▶ **SOURCE INFORMATION**:
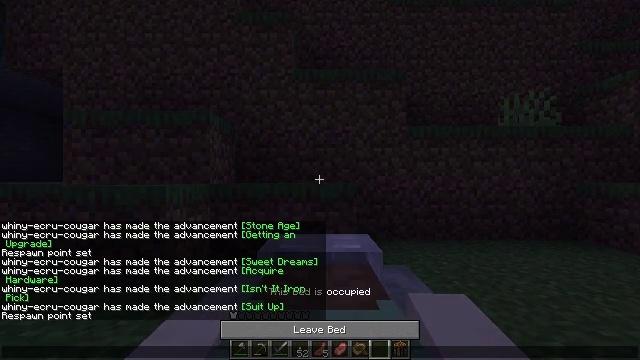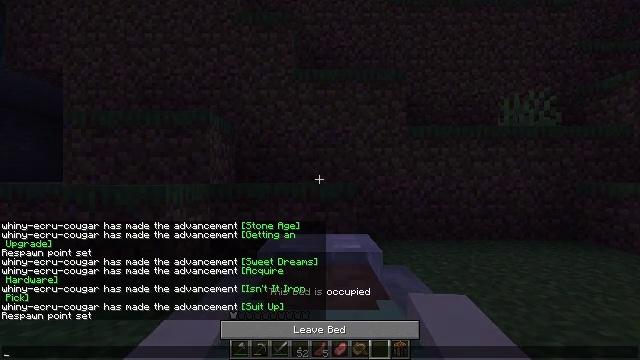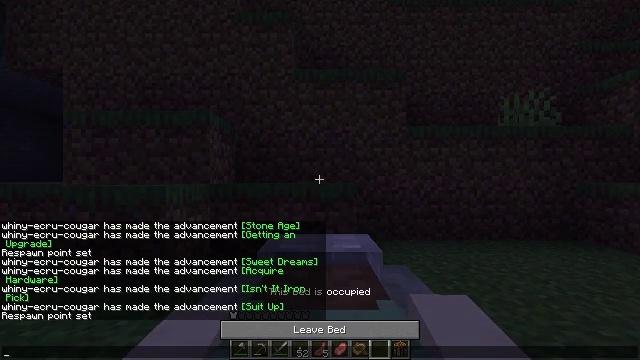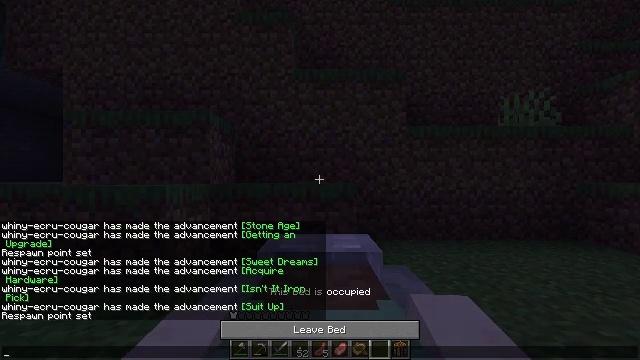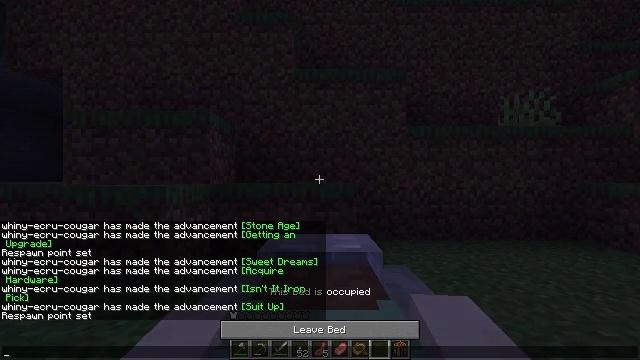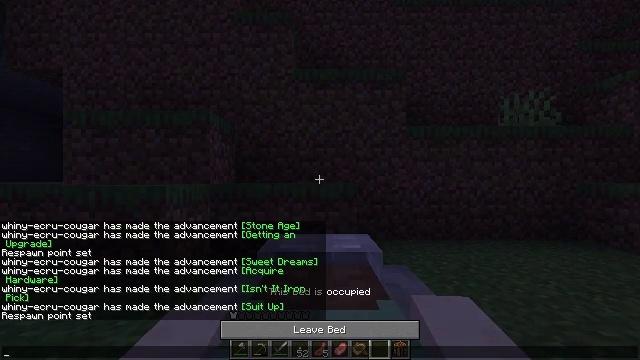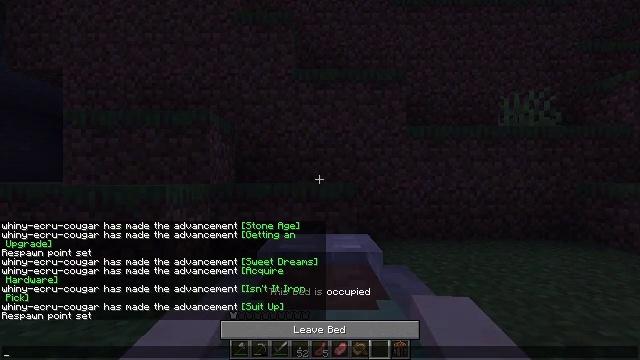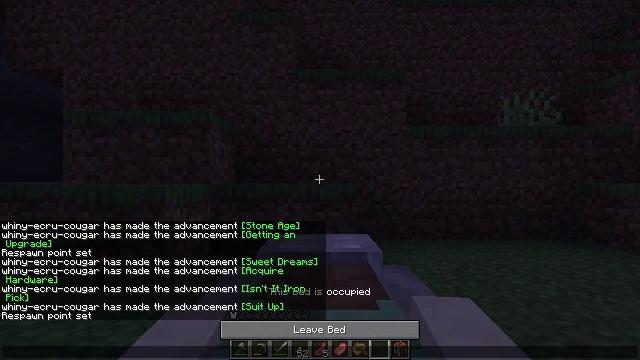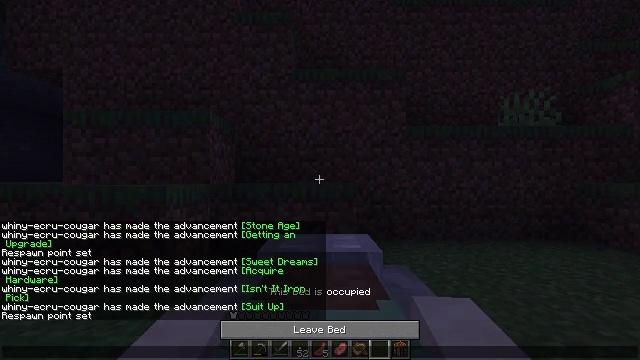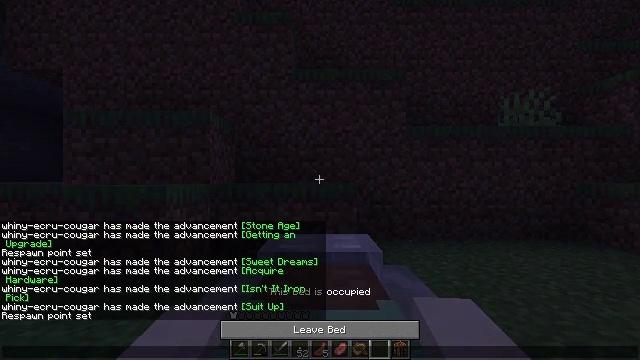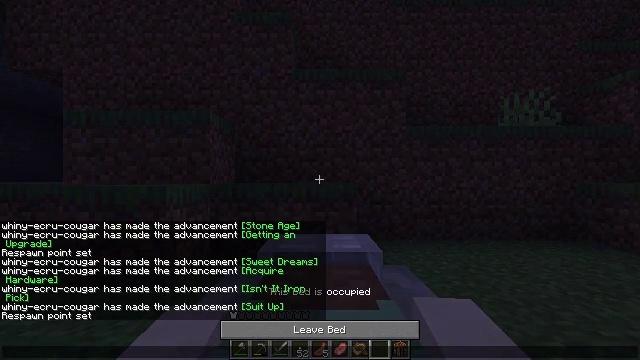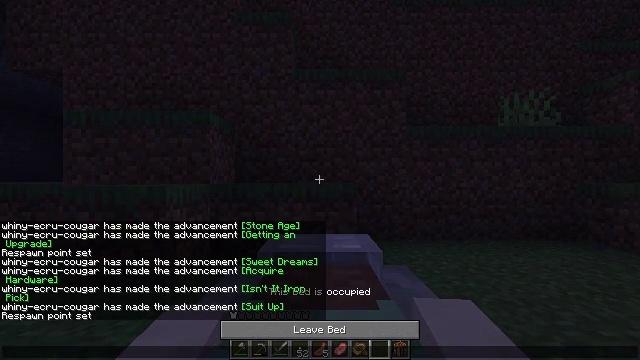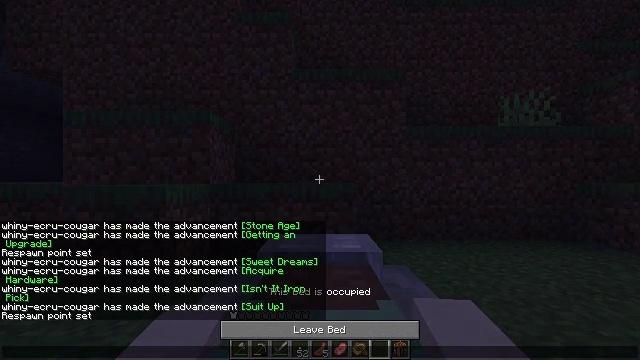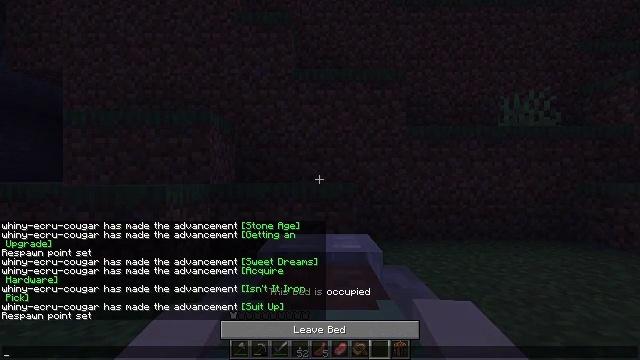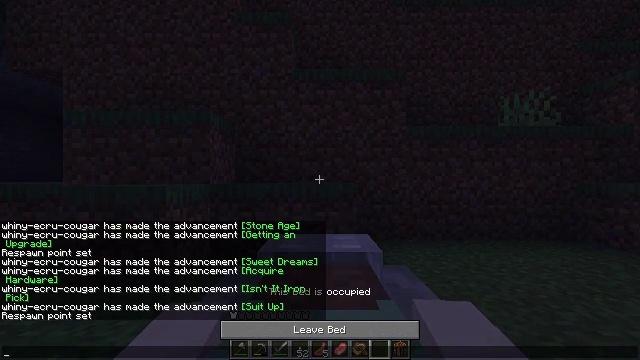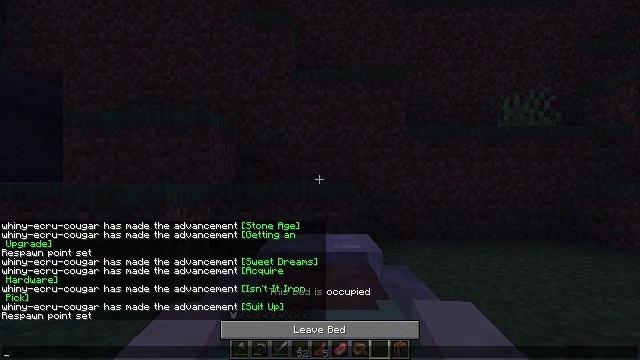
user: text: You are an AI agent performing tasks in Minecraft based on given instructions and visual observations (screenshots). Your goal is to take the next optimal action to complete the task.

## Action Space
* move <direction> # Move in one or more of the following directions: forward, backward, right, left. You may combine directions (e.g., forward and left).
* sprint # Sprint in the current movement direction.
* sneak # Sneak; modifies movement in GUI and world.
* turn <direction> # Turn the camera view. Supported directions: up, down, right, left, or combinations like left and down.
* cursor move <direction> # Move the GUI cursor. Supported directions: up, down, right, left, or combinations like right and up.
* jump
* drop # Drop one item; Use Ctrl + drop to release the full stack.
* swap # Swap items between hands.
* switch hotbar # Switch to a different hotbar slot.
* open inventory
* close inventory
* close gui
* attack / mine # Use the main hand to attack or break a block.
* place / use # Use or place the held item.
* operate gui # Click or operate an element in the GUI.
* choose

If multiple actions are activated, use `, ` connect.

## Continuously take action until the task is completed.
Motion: motion action
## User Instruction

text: Attack the light gray bed to collect it.
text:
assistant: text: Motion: no_op
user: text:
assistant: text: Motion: no_op
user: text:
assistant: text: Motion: no_op
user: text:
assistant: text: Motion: no_op
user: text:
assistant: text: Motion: no_op
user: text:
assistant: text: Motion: no_op
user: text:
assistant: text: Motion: no_op
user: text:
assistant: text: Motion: no_op
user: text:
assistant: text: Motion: no_op
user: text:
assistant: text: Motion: no_op
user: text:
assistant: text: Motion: no_op
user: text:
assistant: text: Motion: no_op
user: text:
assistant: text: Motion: no_op
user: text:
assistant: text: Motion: no_op
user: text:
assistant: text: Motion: no_op
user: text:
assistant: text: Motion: no_op
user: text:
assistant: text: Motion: no_op
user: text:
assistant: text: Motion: no_op
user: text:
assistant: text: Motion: no_op
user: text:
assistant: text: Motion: no_op
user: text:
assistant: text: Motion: no_op
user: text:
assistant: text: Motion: no_op
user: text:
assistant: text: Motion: cursor move left and up
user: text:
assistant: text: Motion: cursor move up
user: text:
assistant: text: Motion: no_op
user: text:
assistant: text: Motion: no_op
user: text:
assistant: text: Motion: no_op
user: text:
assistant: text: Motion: no_op
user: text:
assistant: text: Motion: no_op
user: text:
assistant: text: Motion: no_op

▶ **EXERCISE GOAL**:
Read the entries above and find each line holding the word "like". Copy it out.

▶ **TASK SOLUTION**:
* turn <direction> # Turn the camera view. Supported directions: up, down, right, left, or combinations like left and down.
* cursor move <direction> # Move the GUI cursor. Supported directions: up, down, right, left, or combinations like right and up.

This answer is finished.